Nine years ago this month, a new prime minister returned from the summer recess to demands for an early general election. Having been crowned by his party, Gordon Brown was urged by friends and foes to seek a mandate from the country. Among them was Theresa May. “He has no democratic mandate,” the then shadow Commons leader wrote in a ConservativeHome piece on 31 August 2007. “He has a reputation tainted by his failures after a decade in office. And he has no new ideas. An early election? Bring it on.”
The Labour poll bounce that followed Brown’s appointment led to extensive preparations for a contest (at an estimated cost of £1m). But spooked by George Osborne’s inheritance tax cut pledge made at the Conservative party conference and ominous polling in marginal seats, Brown retreated.
History has recorded it as one of his worst decisions. “I do feel that not going with the election was a disaster,” Brown’s former consigliere Ed Balls said recently. Labour would likely have won enough seats to remain in government and force David Cameron’s resignation as Conservative leader.
This precedent is cited by those Tories who are now urging May to hold an early general election. The Conservatives have a Commons majority of just 12: the smallest of any single-party government since 1974. And the number of ministers sacked by May exceeds that number. Such a narrow advantage makes parliamentary defeats and policy reversals inevitable. John Major, with a superior majority of 21, had his premiership wrecked by recalcitrant backbenchers.
Unlike Brown, the new Prime Minister can be confident of victory if she goes to the country. The Tories have sustained a double-digit poll lead. Jeremy Corbyn has lost the confidence of more than 80 per cent of Labour MPs and recorded the worst ratings of any opposition leader in history.
Despite this, Corbyn will almost certainly be re-elected on 24 September, drawing his mandate from members rather than the MPs. His opponents, and even some supporters, fear that under his leadership, Labour could be reduced to around 150 seats – its lowest total since 1931. Even so, some Labour MPs privately pine for a snap contest in the hope that it will rid them of Corbyn.
Unlike her predecessors, May faces the obstacle of the Fixed-Term Parliaments Act (under which the next election will be on 7 May 2020). Yet it is not an insurmountable one. The legislation can be suspended with the backing of two-thirds of MPs, or through a vote of no confidence in the government. Alternatively, the act could simply be repealed or amended. Labour and the Liberal Democrats, who have demanded an early election, would struggle to resist May if she called their bluff.
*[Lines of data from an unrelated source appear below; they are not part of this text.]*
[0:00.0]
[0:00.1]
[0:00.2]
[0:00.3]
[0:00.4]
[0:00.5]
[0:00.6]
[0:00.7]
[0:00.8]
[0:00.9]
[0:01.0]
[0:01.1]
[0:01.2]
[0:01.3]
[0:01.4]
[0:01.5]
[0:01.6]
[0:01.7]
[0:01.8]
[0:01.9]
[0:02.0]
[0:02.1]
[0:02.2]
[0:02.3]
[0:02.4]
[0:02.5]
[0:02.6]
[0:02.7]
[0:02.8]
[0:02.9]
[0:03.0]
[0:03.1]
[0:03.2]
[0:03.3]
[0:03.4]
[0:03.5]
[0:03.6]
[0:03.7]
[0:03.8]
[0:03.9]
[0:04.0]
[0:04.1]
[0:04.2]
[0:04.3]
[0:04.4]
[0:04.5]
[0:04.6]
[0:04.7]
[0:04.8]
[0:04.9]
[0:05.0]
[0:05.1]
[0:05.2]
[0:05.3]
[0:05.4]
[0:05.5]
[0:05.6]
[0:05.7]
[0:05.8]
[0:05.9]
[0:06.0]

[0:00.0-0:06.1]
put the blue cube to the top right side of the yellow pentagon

Yet she has no intention of doing so. “The Prime Minister could not have been clearer,” a senior source told me. “There won’t be an early election.” May announced as much at the launch of her Conservative leadership campaign on 30 June (“There should be no general election until 2020”). Voters, however, are accustomed to hearing a politician say one thing and do another. May’s allies are insistent that she will defy this trend. The Prime Minister “means what she says and says what she means”, a frontbencher told me.
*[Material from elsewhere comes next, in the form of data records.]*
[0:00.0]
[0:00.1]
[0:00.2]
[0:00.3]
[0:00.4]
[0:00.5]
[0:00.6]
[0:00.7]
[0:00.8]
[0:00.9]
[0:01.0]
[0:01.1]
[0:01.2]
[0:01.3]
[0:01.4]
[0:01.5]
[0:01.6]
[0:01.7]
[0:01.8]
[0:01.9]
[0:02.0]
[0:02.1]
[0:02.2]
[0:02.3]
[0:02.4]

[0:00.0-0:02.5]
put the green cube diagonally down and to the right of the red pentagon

Brown similarly cast himself as an unspun, straight-talking prime minister. Yet his game-playing over the election date tarnished his reputation. By keeping her word, May can succeed where he failed. Although she could cite the desire to win her own mandate, an early election would risk appearing ruthlessly partisan.
Having awarded the Tories a majority only 16 months ago, polls show that the public has little desire to vote again. Many newly elected Conservatives, fearing a Brexit-inspired Ukip surge, or even a Liberal Democrat revival, are similarly reluctant to face them.
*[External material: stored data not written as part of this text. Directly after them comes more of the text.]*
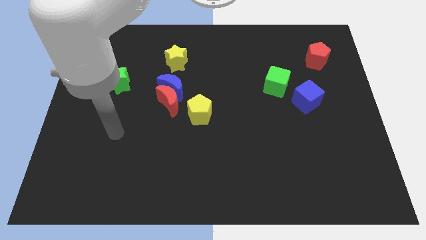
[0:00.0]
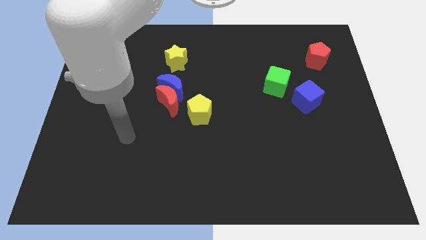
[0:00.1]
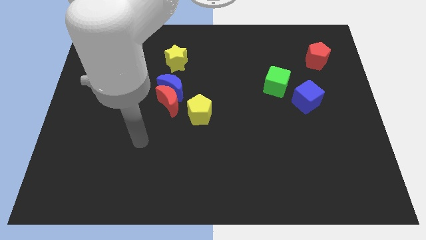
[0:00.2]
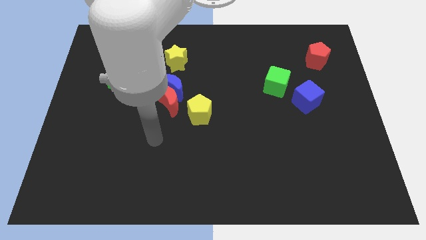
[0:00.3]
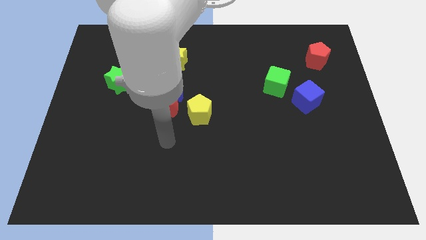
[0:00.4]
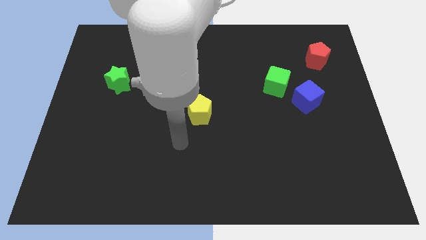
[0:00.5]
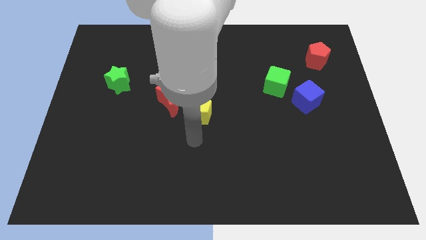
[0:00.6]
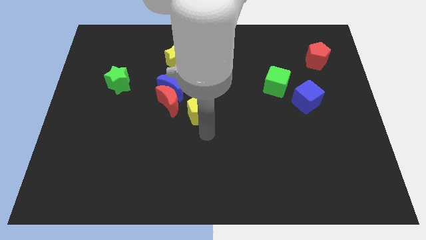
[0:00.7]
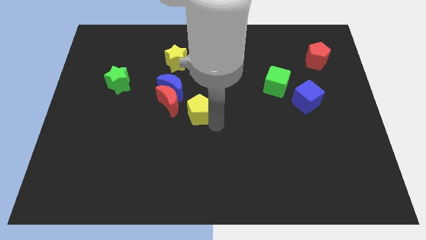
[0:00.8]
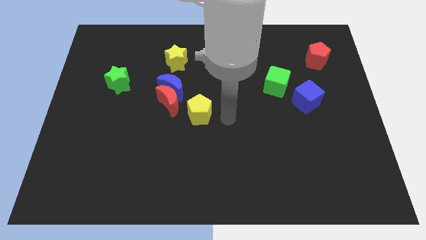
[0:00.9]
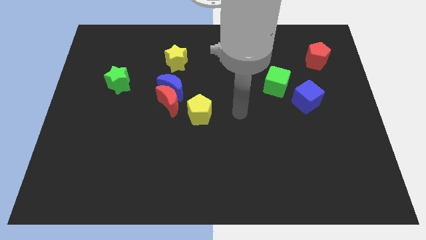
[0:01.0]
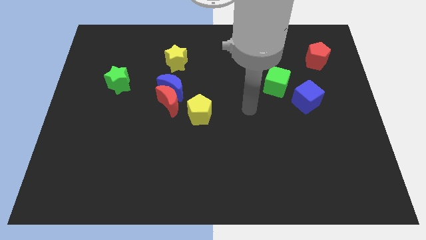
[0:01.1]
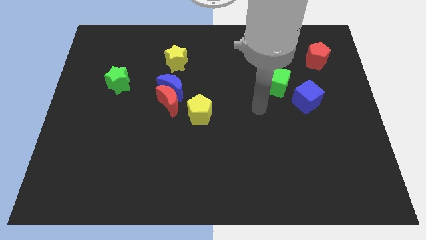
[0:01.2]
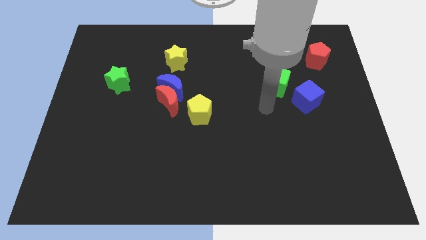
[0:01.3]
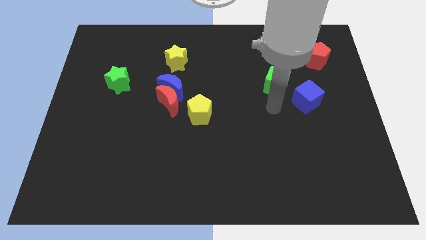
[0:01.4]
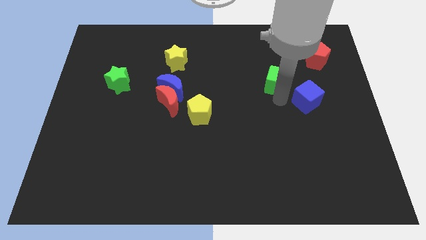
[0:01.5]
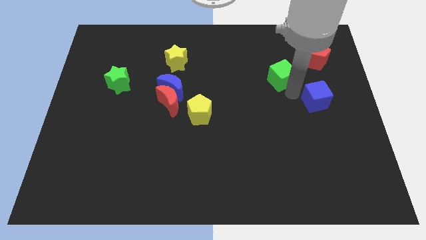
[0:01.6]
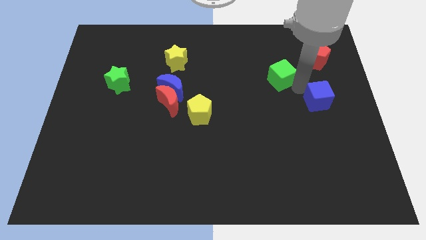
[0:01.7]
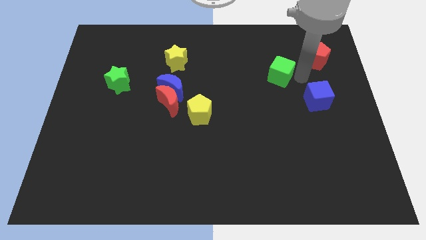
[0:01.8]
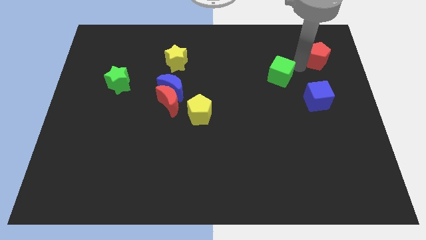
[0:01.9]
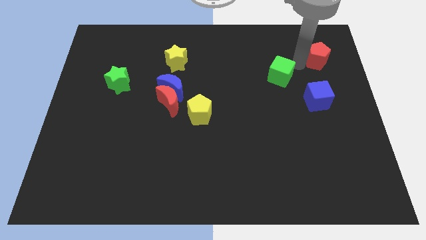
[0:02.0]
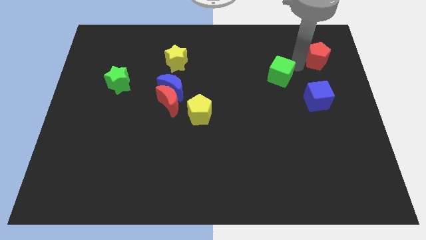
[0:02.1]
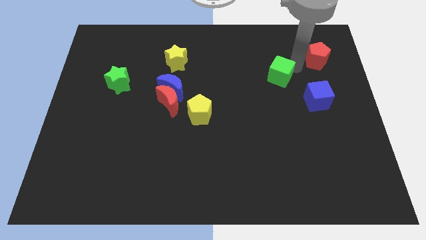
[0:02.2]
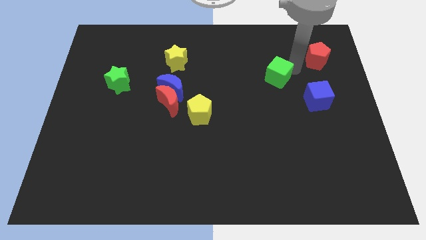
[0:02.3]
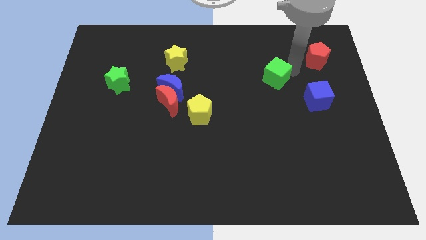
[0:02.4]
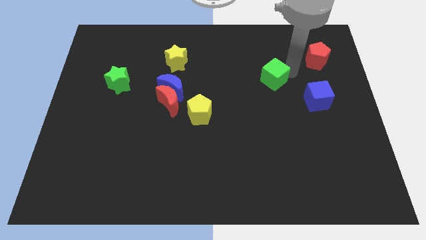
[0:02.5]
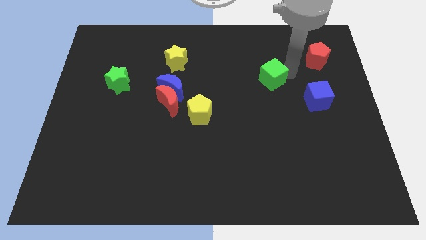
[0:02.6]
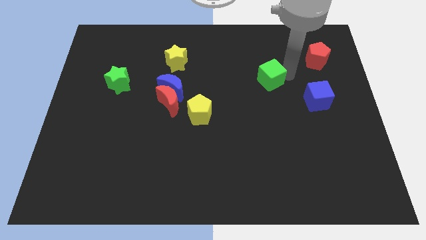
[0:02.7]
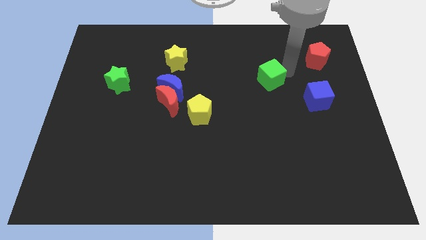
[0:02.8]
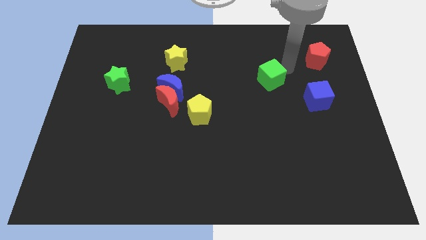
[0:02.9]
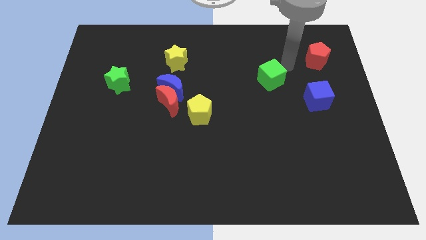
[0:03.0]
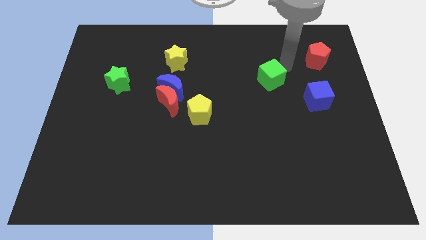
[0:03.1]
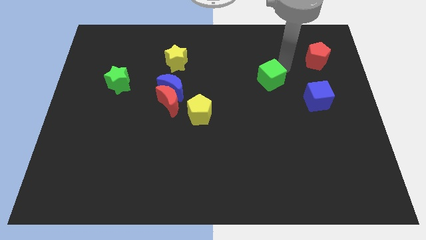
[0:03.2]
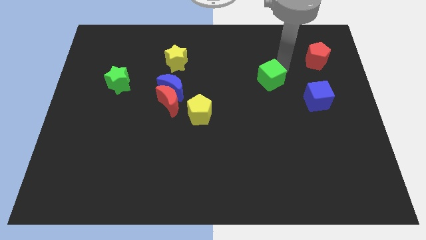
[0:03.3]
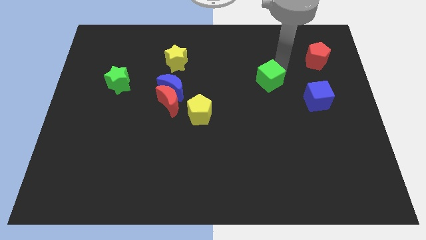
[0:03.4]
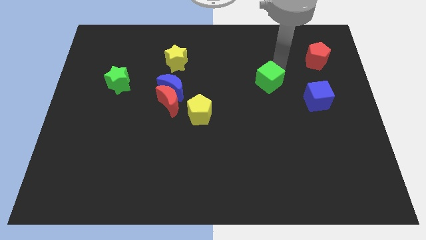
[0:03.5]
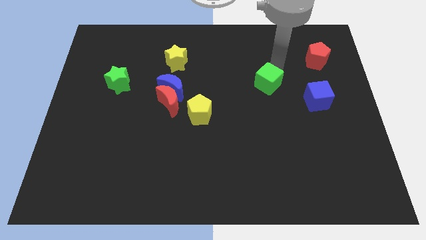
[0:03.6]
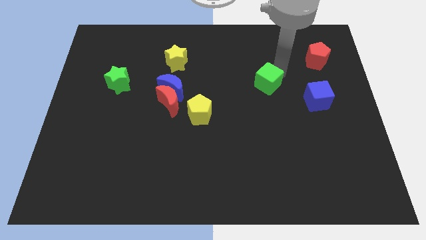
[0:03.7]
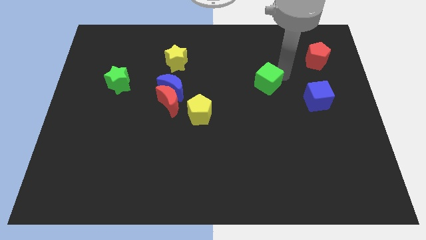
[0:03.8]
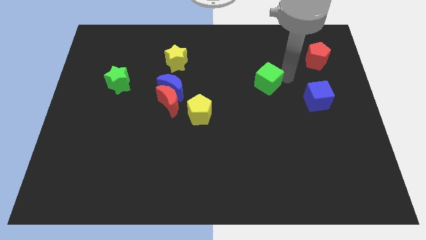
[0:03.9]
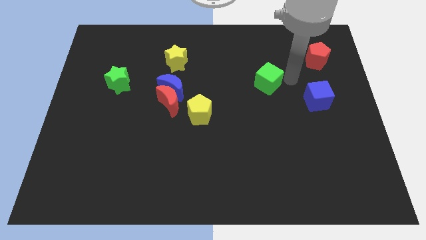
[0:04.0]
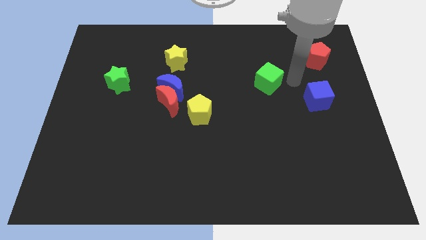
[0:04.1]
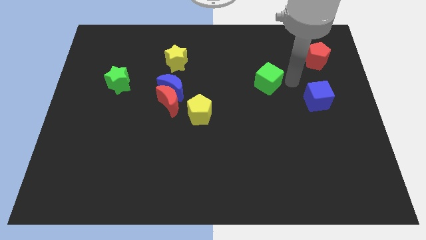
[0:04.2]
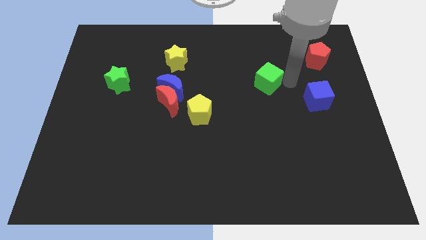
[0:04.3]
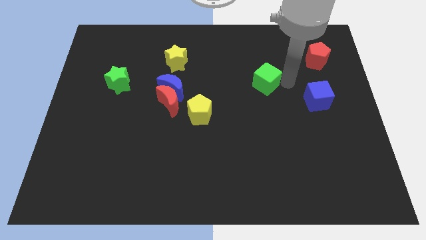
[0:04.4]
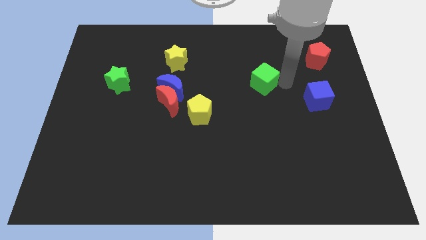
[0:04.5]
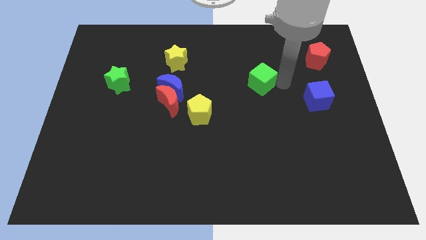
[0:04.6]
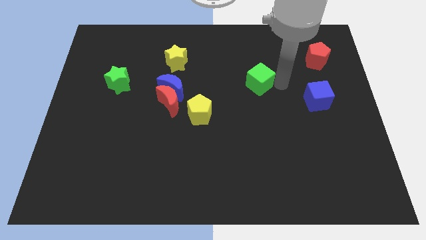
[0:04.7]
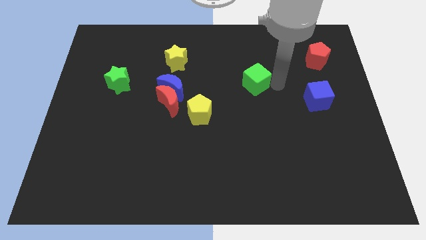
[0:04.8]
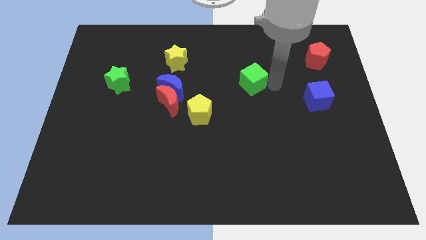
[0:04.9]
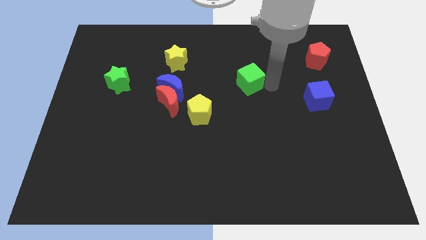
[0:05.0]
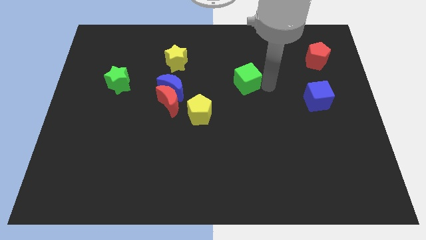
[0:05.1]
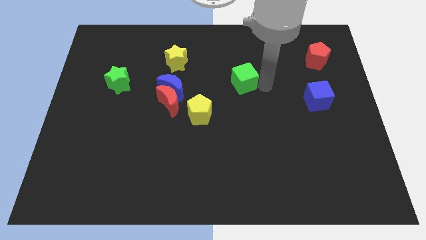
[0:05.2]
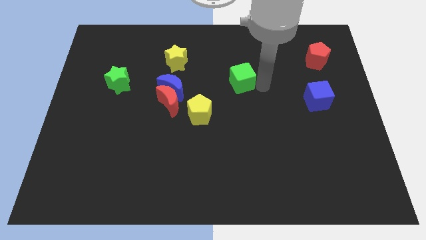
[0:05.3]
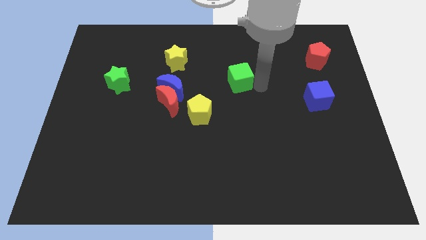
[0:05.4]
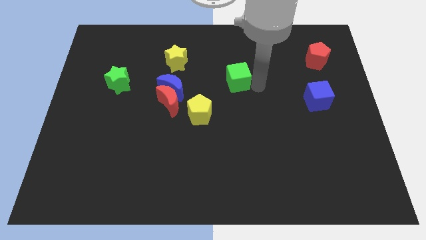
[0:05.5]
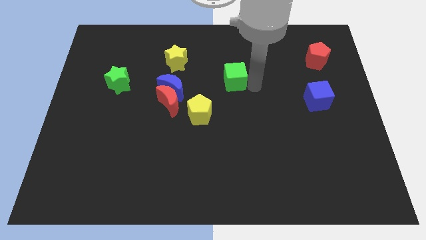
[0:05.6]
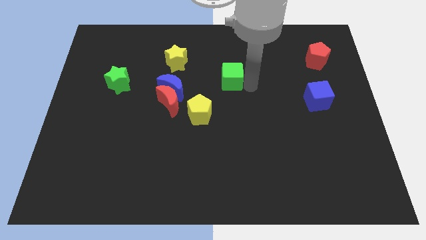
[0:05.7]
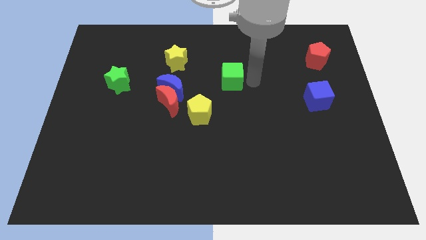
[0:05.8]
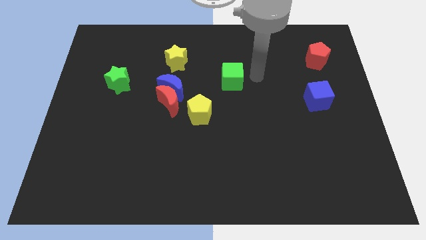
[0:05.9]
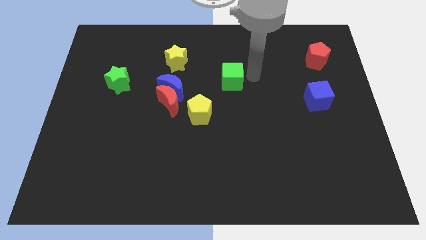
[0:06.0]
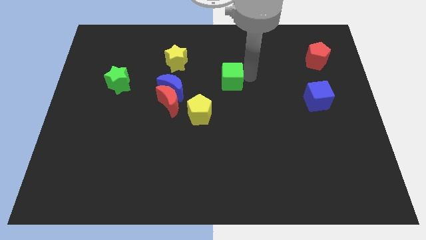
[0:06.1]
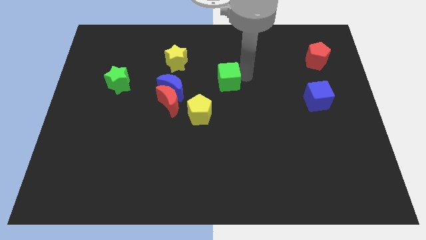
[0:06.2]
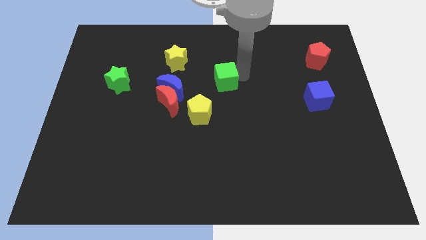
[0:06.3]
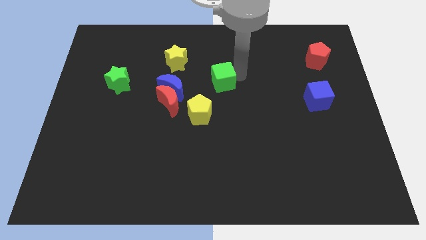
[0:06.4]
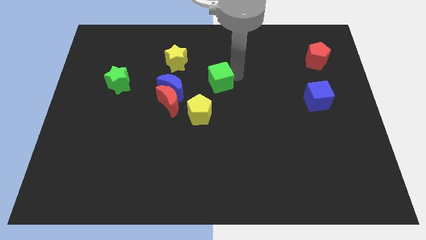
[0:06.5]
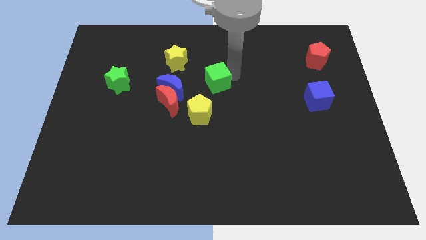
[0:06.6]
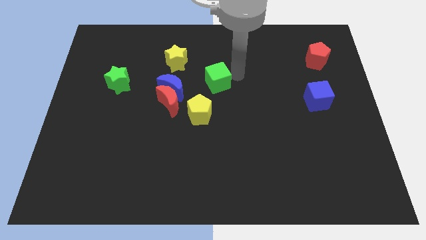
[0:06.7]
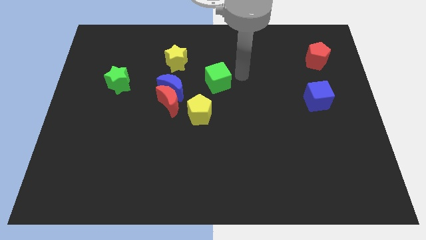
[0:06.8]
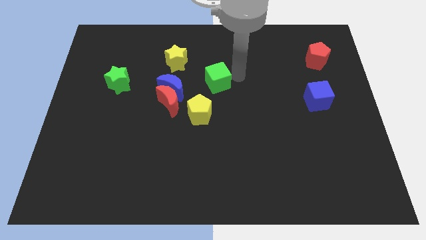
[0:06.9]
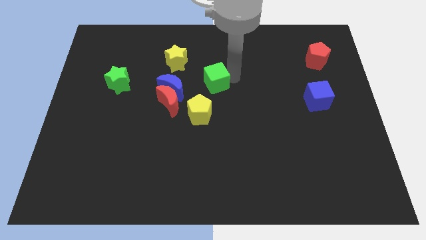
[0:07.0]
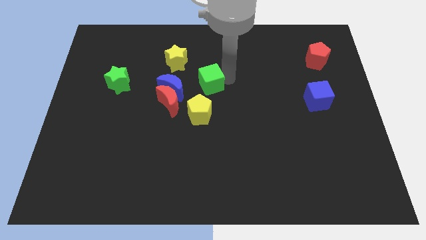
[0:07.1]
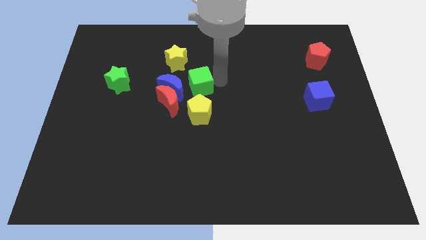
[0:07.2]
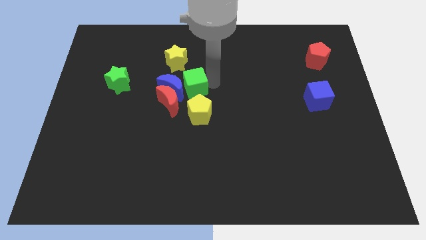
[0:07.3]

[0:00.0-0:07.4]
put the green cube towards the blue moon

It is instead the epic task of EU withdrawal that will absorb May’s energies. Her much-mocked declaration that “Brexit means Brexit” was a necessary first step. It reassured Leave voters and Tory MPs that there would be no backsliding. Those who have demanded a second referendum on the final Brexit deal, such as the Labour leadership contender Owen Smith, have been unambiguously dismissed. “May’s on the right track,” the Tory MP Bill Cash, Brussels’ most redoubtable parliamentary foe, told me.
The UK will almost certainly leave the EU. But the manner in which it will do so is uncertain. The Prime Minister is committed to imposing “controls on free movement”: the pre-eminent demand of many Brexit voters. This negates the possibility of a Norwegian-style arrangement, under which the UK would retain full membership of the single market while accepting the free movement of people. May’s mission is to determine the residual degree of “access”.
The political imperative of limiting free movement competes with the economic imperative of protecting the City of London. At cabinet level, Brexiteers emphasise the former, while the Chancellor, Philip Hammond, stresses the latter. An early election would force May to resolve this ambiguity. By avoiding a precipitous rush to the polls, she has bought herself valuable time.
In the Conservative leadership contest, May was the dependable tortoise who overtook the flashier hares. Offered the chance to multiply her majority by perhaps as much as ten, she has so far demonstrated considerable patience.
After ruling out an early election, Gordon Brown was forced to deny that the polls had influenced his decision. Theresa May can acknowledge the Conservatives’ consistent lead in the polls while maintaining that she has a job to do. The ease with which she has navigated the election question suggests that her gamble may pay off.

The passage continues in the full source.